*What this task involves*:
Since only the written part is wanted, repeat the records exactly and omit the pictures.

*Excerpted data*:
%%
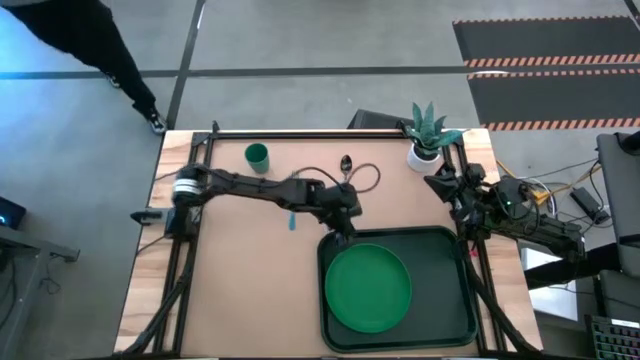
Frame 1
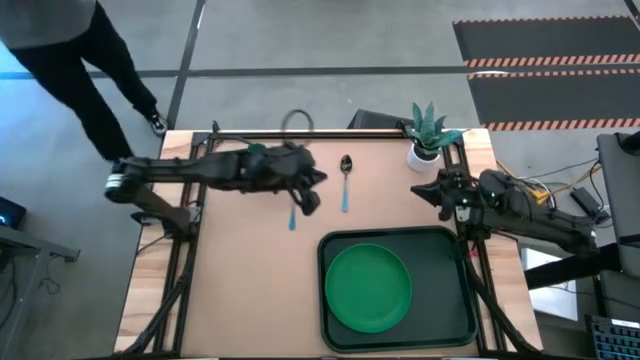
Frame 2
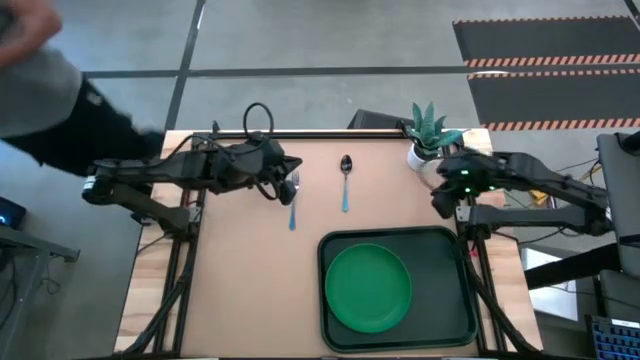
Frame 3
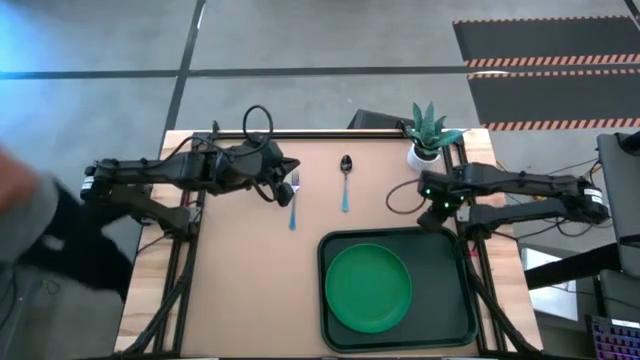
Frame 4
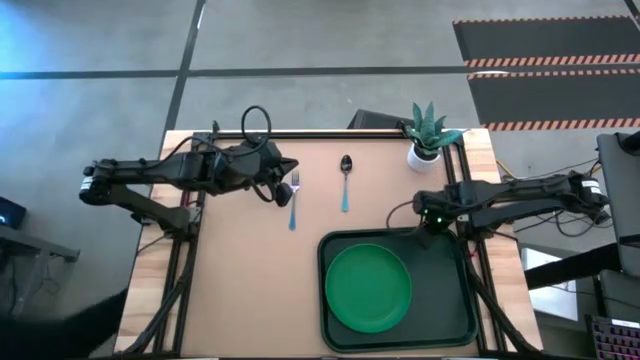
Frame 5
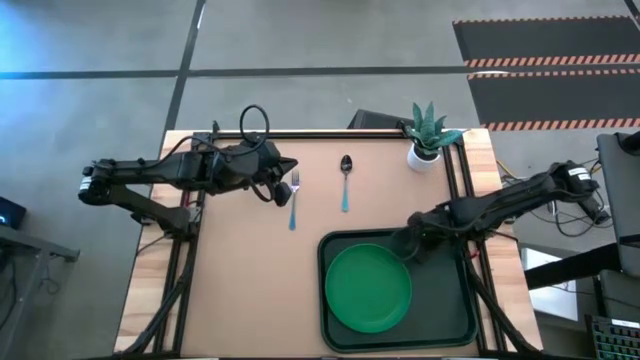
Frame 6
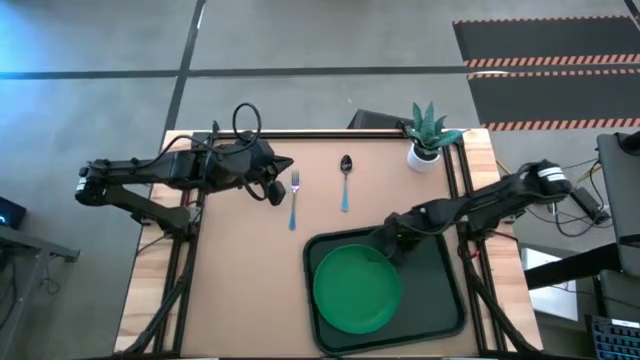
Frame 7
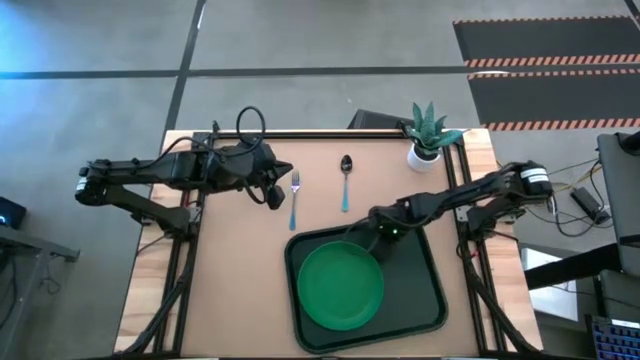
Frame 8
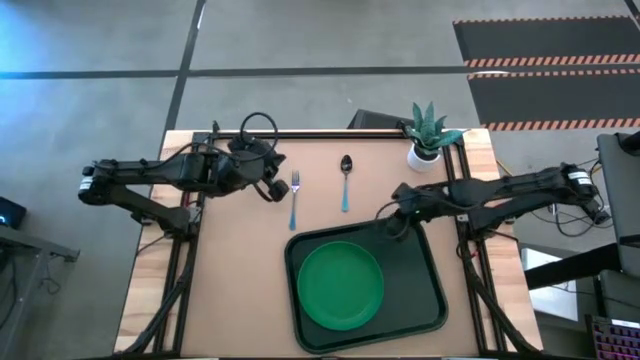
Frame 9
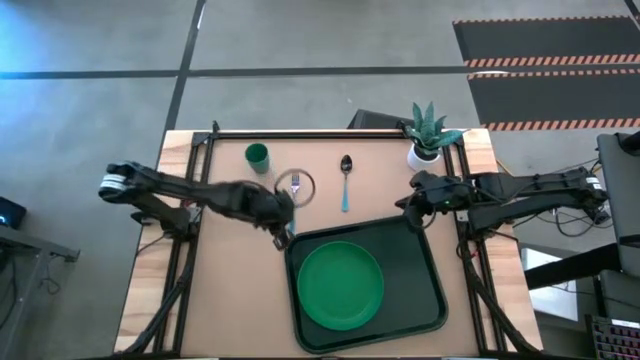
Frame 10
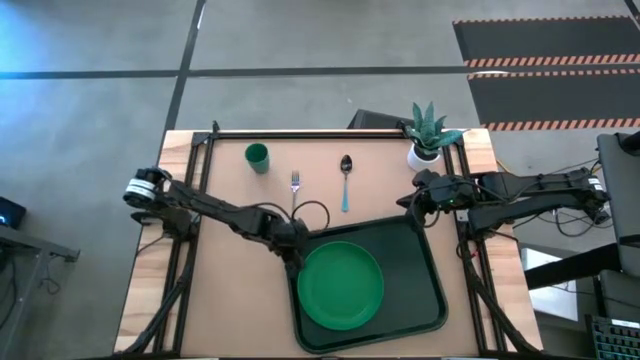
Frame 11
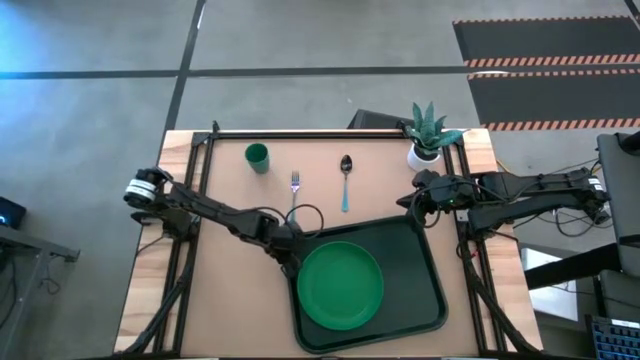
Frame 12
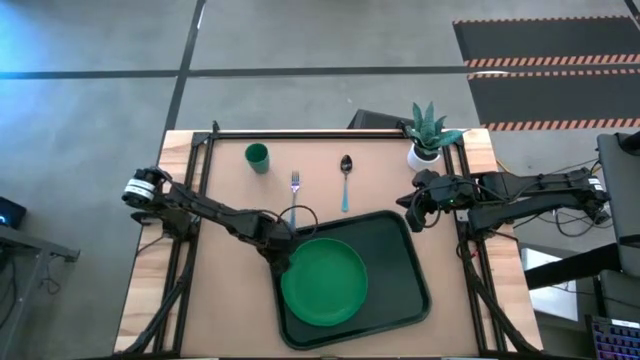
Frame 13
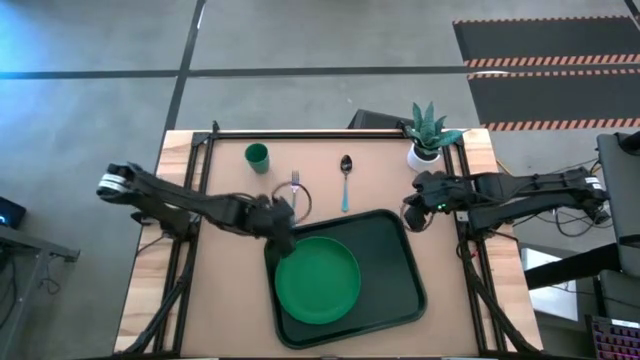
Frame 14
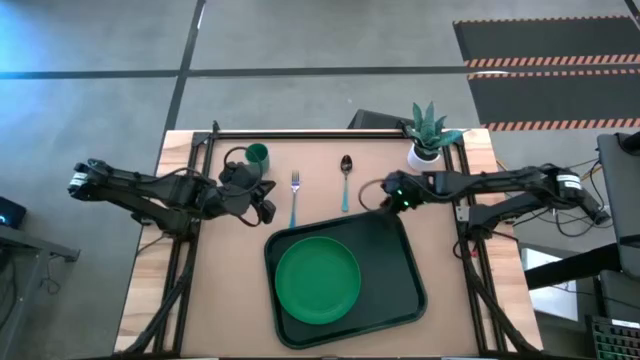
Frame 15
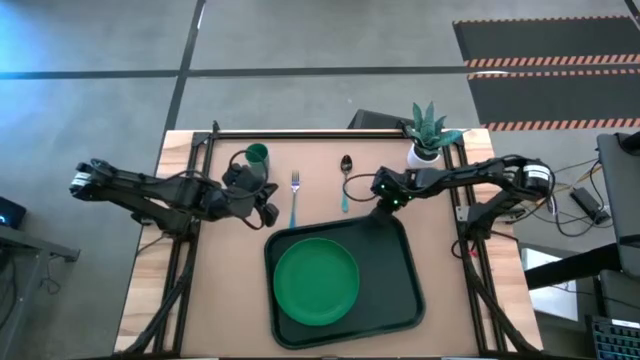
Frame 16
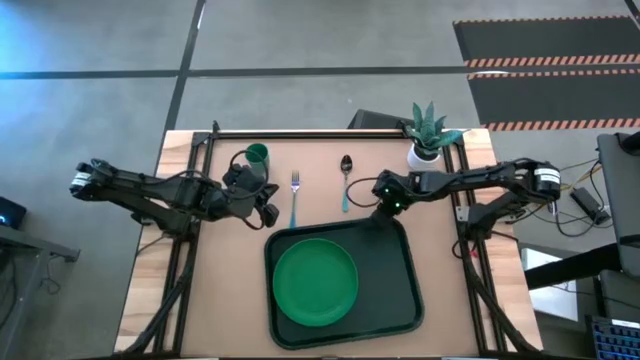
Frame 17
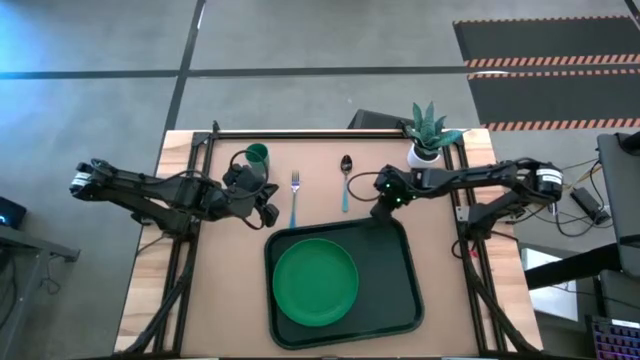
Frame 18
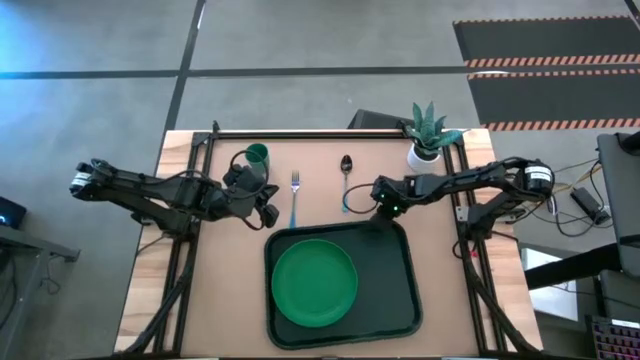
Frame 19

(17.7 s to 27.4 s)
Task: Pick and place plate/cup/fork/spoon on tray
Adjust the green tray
%%
*Written solution*:
Frame 1
Frame 2
Frame 3
Frame 4
Frame 5
Frame 6
Frame 7
Frame 8
Frame 9
Frame 10
Frame 11
Frame 12
Frame 13
Frame 14
Frame 15
Frame 16
Frame 17
Frame 18
Frame 19

(17.7 s to 27.4 s)
Task: Pick and place plate/cup/fork/spoon on tray
Adjust the green tray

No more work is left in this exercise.